# What needs to be done
Exact copy required. Repeat the records, but keep the pictures out.

(Source data)
· · ·
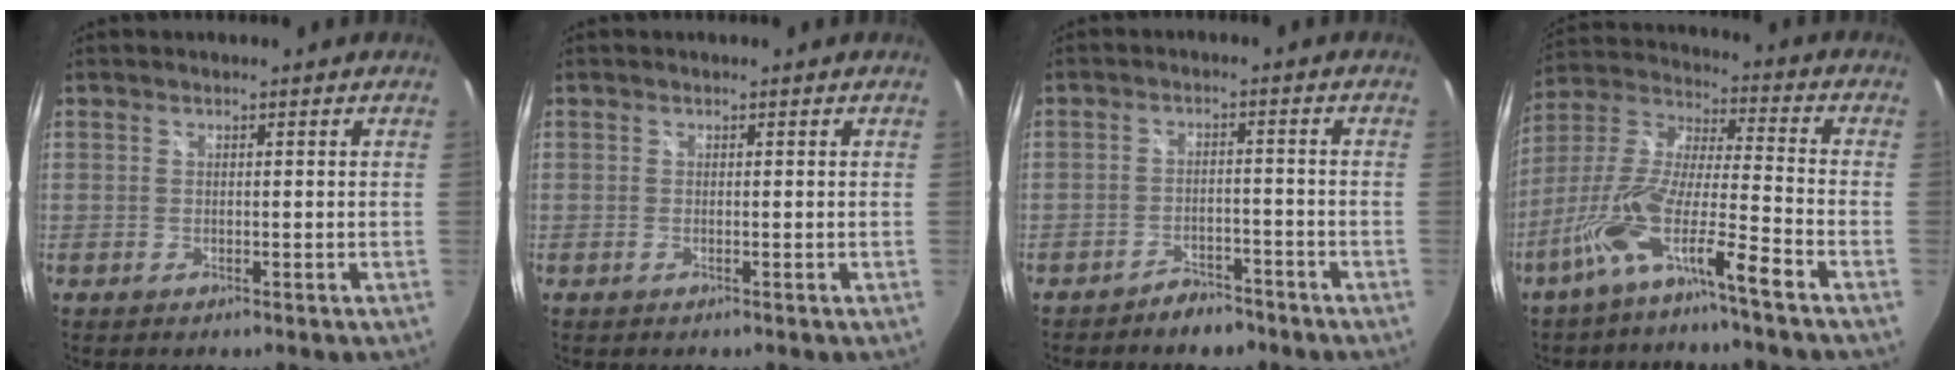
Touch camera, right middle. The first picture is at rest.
{"total": 0.0}
{"total": 4.7, "force": [-4.1, 2.0, 1.2], "torque": [-0.034, 0.010, -0.056]}
{"total": 12.1, "force": [-7.6, 0.4, 9.5], "torque": [-0.189, -0.003, -0.145]}
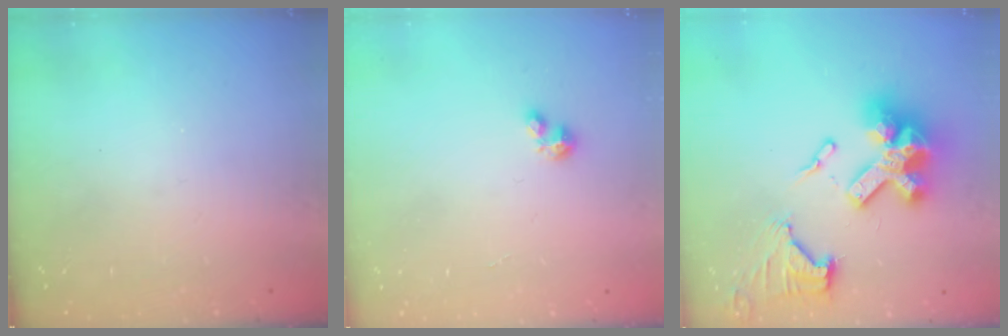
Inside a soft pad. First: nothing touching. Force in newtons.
{"total": 1.6, "press": 1.6, "slide": 0.2}
{"total": 22.6, "press": 22.4, "slide": 2.4}
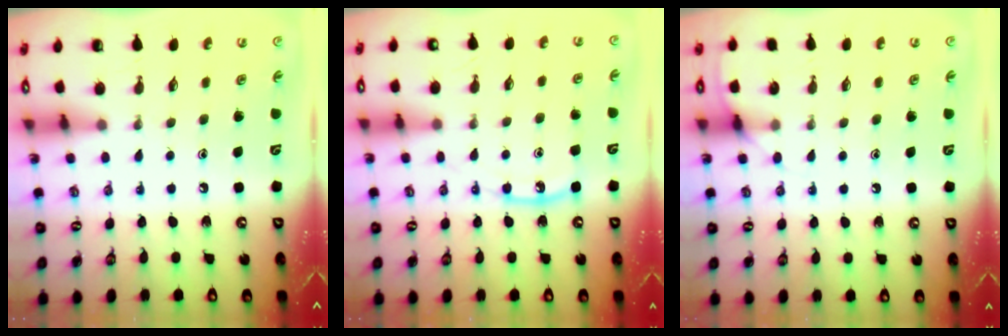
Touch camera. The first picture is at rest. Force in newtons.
{"total": 9.1, "press": 9.1, "slide": 0.8}
{"total": 5.8, "press": 5.7, "slide": 0.8}
· · ·
# Exercise answer
Touch camera, right middle. The first picture is at rest.
{"total": 0.0}
{"total": 4.7, "force": [-4.1, 2.0, 1.2], "torque": [-0.034, 0.010, -0.056]}
{"total": 12.1, "force": [-7.6, 0.4, 9.5], "torque": [-0.189, -0.003, -0.145]}
Inside a soft pad. First: nothing touching. Force in newtons.
{"total": 1.6, "press": 1.6, "slide": 0.2}
{"total": 22.6, "press": 22.4, "slide": 2.4}
Touch camera. The first picture is at rest. Force in newtons.
{"total": 9.1, "press": 9.1, "slide": 0.8}
{"total": 5.8, "press": 5.7, "slide": 0.8}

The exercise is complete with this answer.